TASK:
From the data below, return only the lines from the one with "The image shows 51" through the one with "Q: How is the paragraph aligned? A: Right-aligned.", exact and inclusive, with pictures left out.

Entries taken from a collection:
_ _ _ _
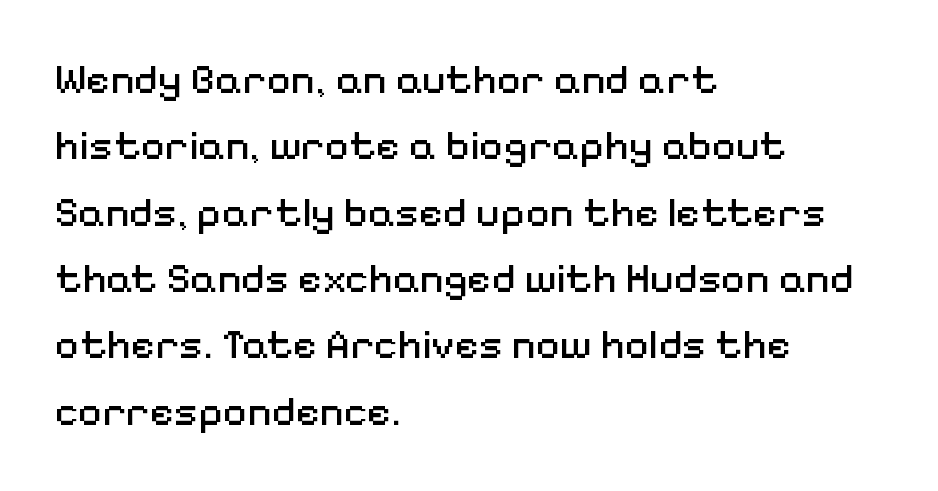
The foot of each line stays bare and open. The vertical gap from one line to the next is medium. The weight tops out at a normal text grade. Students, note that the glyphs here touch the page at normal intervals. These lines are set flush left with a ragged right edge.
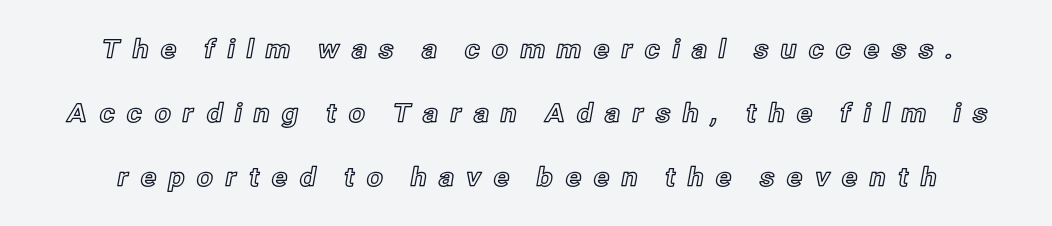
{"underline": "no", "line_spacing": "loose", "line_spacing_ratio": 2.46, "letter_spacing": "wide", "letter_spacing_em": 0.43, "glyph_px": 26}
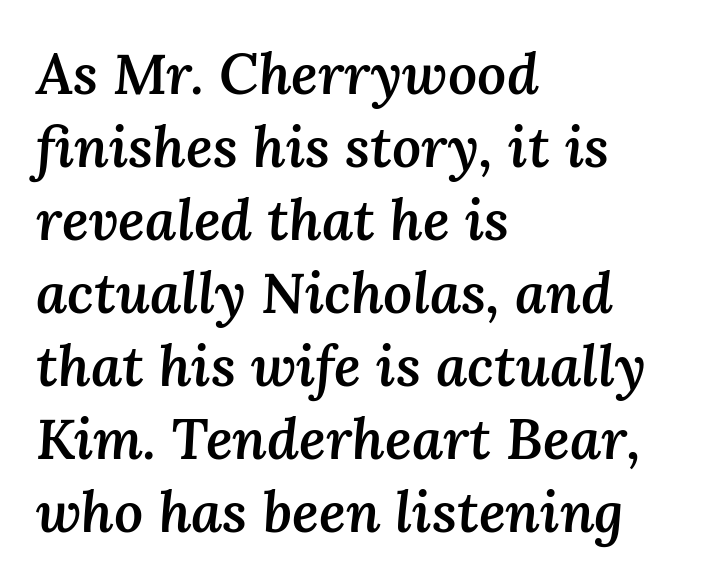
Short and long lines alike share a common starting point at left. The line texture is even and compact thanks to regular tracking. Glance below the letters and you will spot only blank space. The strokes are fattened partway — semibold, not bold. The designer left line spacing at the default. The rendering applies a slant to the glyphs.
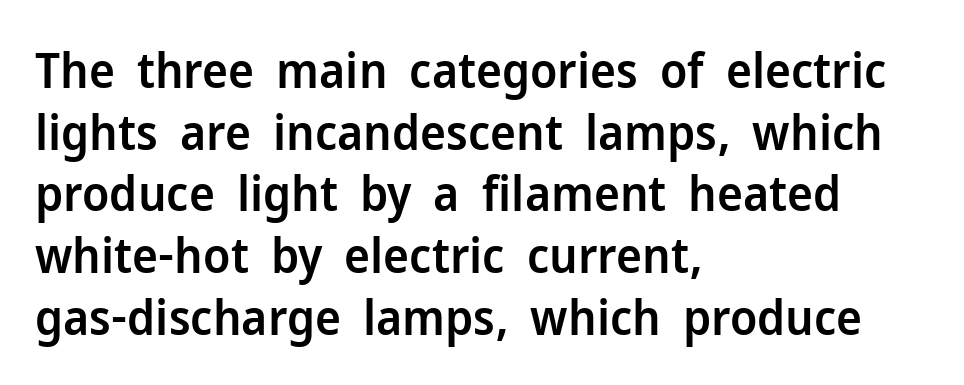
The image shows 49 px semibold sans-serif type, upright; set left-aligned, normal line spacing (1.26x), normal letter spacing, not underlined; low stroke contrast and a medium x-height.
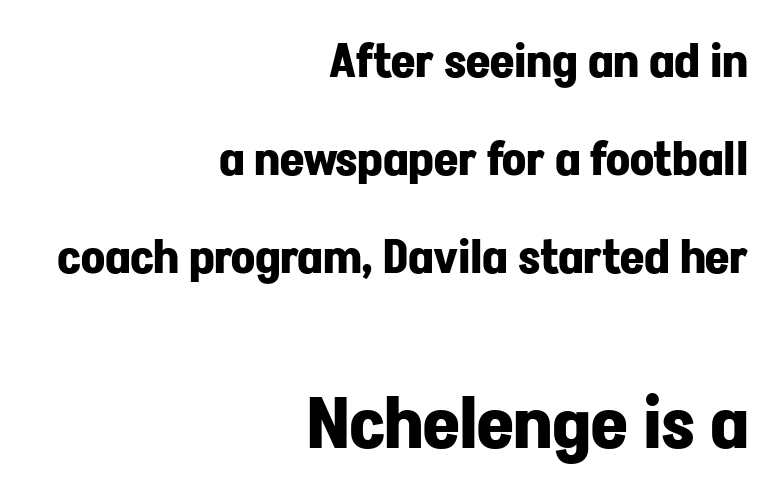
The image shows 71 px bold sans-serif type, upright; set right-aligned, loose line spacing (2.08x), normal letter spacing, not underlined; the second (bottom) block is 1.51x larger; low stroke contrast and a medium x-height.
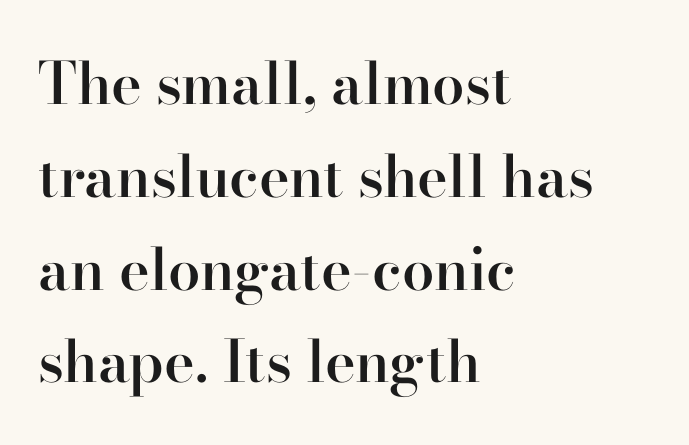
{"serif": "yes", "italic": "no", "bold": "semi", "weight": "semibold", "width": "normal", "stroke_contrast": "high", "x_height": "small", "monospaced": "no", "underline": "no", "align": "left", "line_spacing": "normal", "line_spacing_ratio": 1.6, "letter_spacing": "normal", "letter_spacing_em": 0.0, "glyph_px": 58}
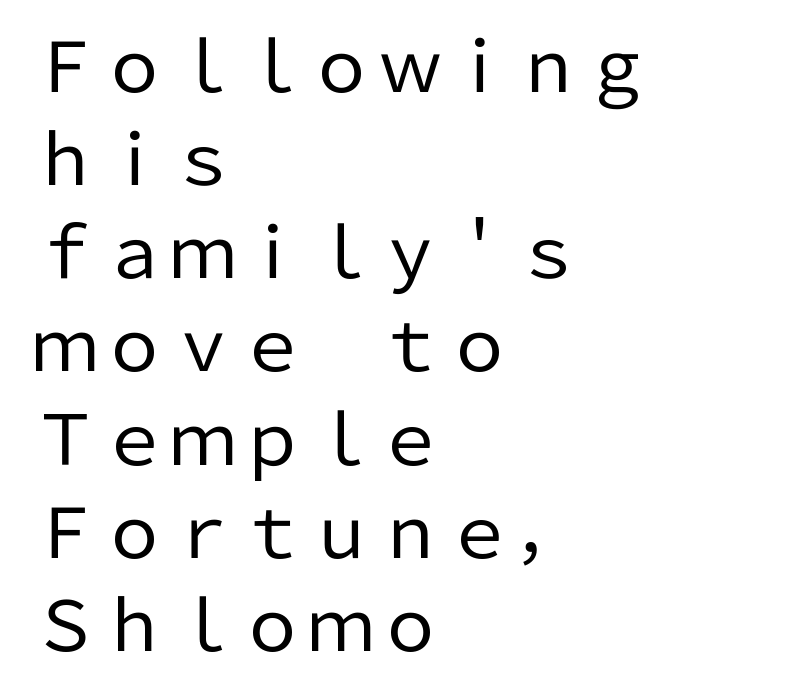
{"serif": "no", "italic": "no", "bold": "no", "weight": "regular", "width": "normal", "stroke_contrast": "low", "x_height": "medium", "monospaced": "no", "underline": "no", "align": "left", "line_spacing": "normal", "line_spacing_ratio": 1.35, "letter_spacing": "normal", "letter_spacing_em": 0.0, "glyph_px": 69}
_ _ _ _
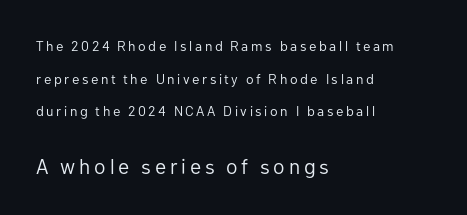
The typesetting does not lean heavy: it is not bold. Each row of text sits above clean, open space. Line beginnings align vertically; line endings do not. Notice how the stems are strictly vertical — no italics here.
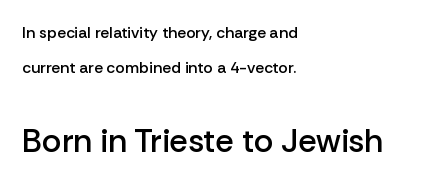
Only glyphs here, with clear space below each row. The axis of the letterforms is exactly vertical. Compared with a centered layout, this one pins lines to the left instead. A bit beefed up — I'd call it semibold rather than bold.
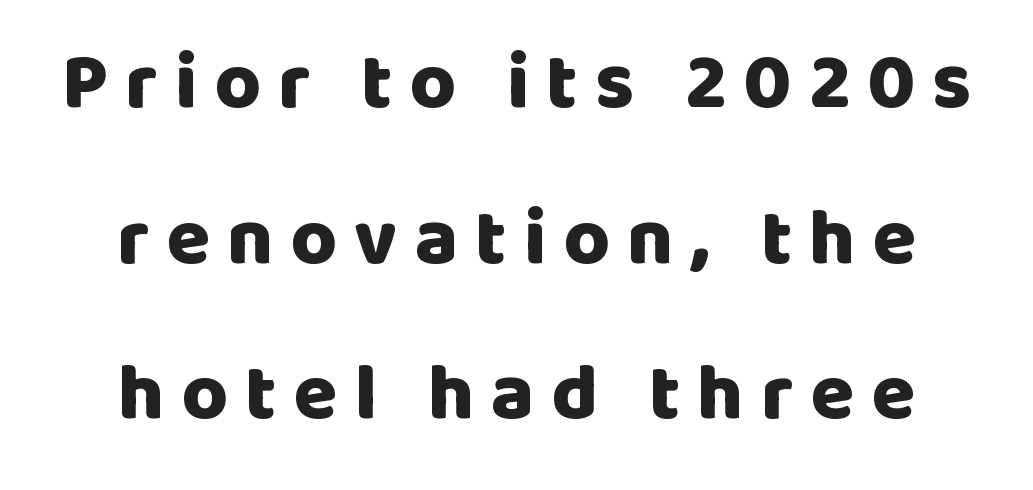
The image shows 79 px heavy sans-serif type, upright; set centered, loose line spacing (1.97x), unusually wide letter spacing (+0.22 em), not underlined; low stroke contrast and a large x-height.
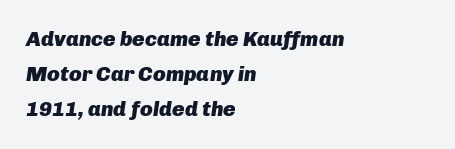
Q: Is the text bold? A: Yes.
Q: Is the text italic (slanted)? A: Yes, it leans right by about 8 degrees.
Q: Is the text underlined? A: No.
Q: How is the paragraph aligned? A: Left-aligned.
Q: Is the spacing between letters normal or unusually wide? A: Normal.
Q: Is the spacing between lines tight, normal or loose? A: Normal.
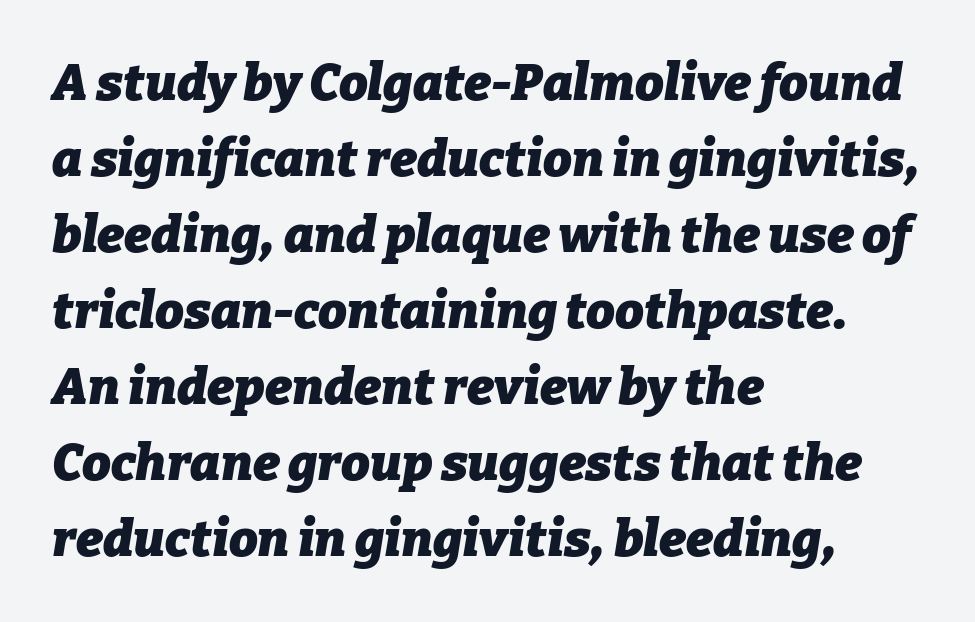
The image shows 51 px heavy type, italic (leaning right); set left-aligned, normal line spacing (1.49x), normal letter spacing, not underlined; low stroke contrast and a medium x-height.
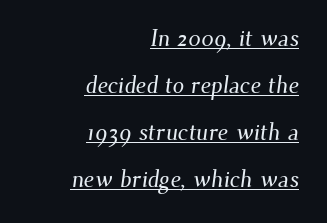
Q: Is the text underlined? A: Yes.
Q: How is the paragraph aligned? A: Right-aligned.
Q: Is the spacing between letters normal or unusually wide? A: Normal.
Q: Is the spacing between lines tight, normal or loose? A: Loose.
_ _ _ _
ANSWER FOR THIS EXERCISE:
The image shows 51 px heavy type, italic (leaning right); set left-aligned, normal line spacing (1.49x), normal letter spacing, not underlined; low stroke contrast and a medium x-height.
Q: Is the text underlined? A: Yes.
Q: How is the paragraph aligned? A: Right-aligned.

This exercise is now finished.